**Source data**
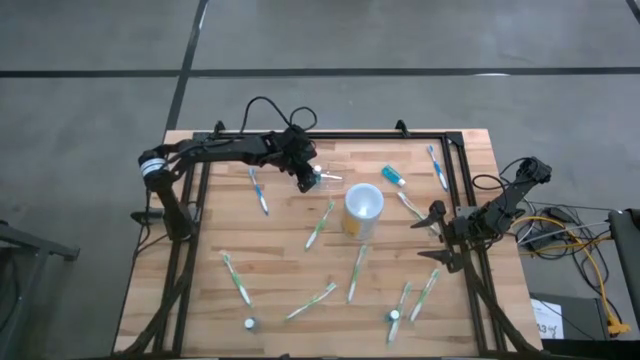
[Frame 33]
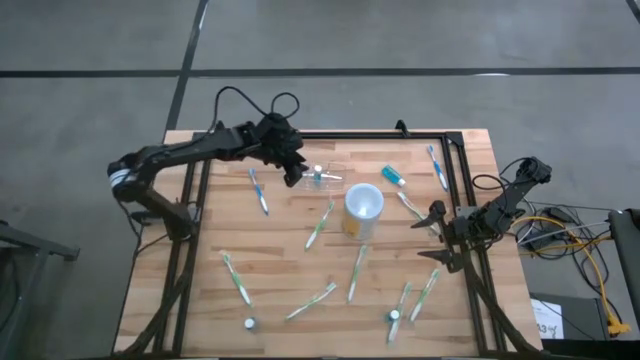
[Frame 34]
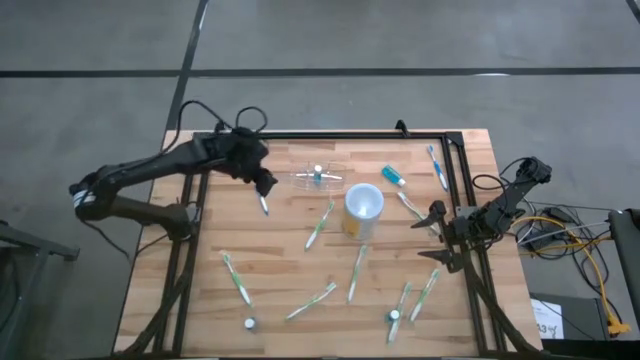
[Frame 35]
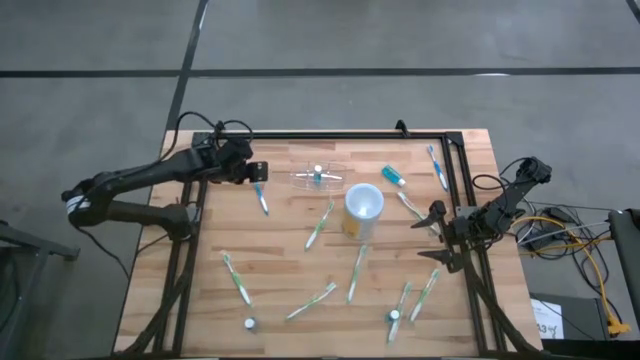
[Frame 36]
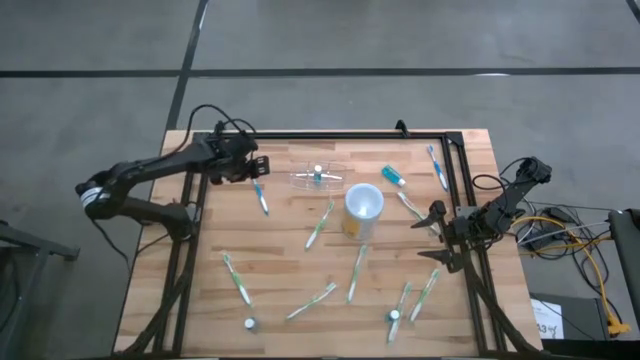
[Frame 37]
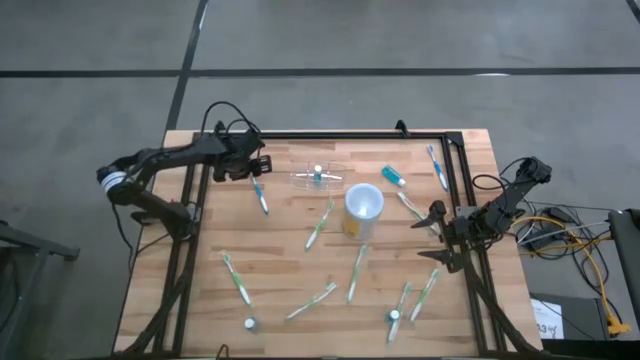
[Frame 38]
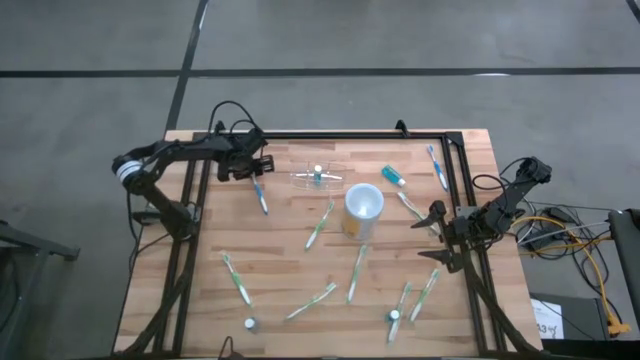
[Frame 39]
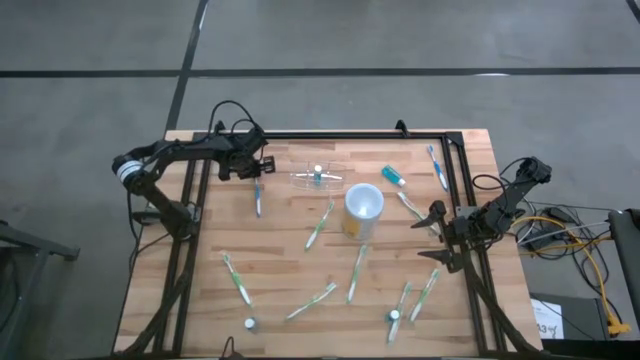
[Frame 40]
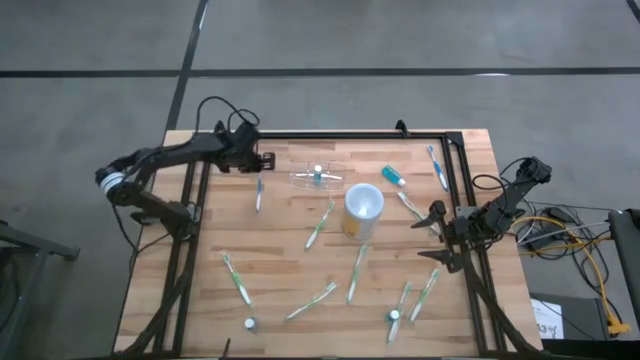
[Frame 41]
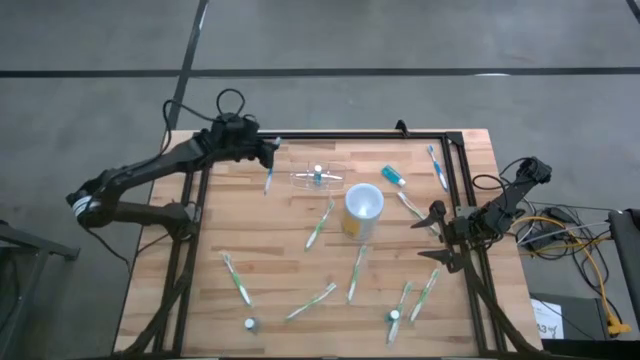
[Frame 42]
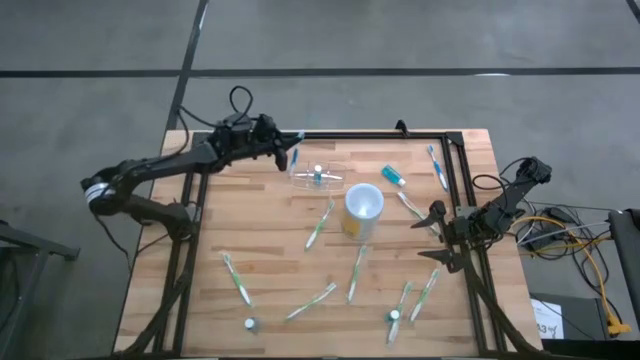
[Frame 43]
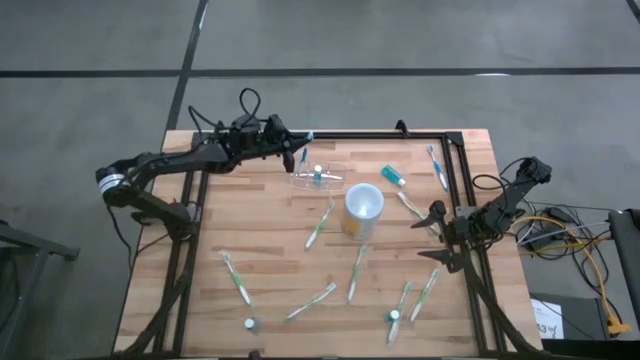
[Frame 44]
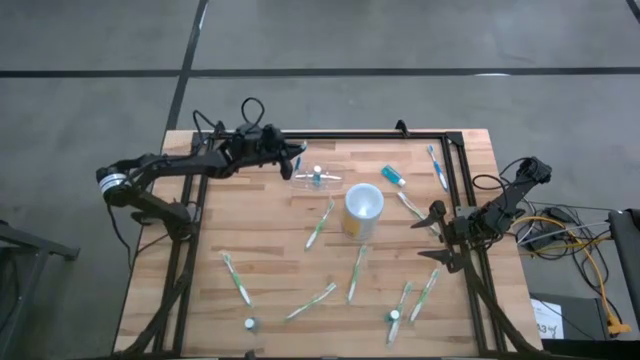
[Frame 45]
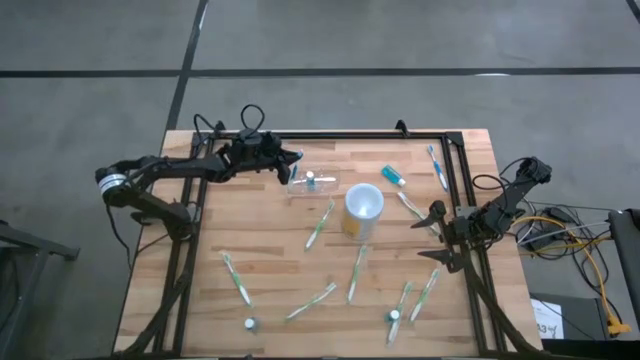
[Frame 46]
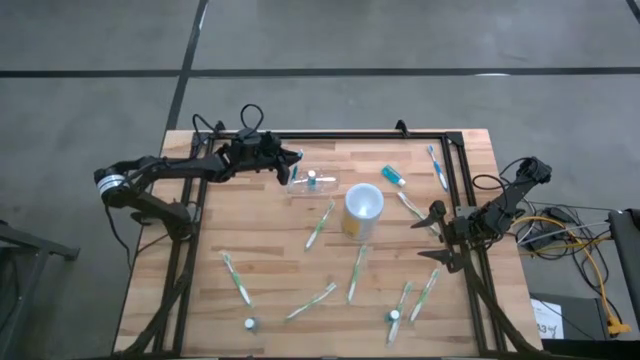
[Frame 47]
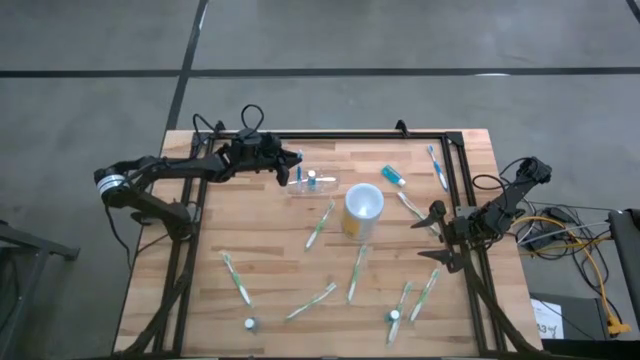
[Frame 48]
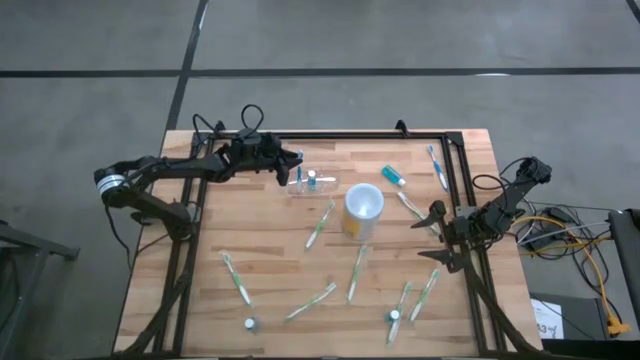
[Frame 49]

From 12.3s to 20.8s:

**Task item**
When a record holds a picture, leave that picture out; copy the rest verbatim.

**Reply to the exercise**
[Frame 33]
[Frame 34]
[Frame 35]
[Frame 36]
[Frame 37]
[Frame 38]
[Frame 39]
[Frame 40]
[Frame 41]
[Frame 42]
[Frame 43]
[Frame 44]
[Frame 45]
[Frame 46]
[Frame 47]
[Frame 48]
[Frame 49]

From 12.3s to 20.8s:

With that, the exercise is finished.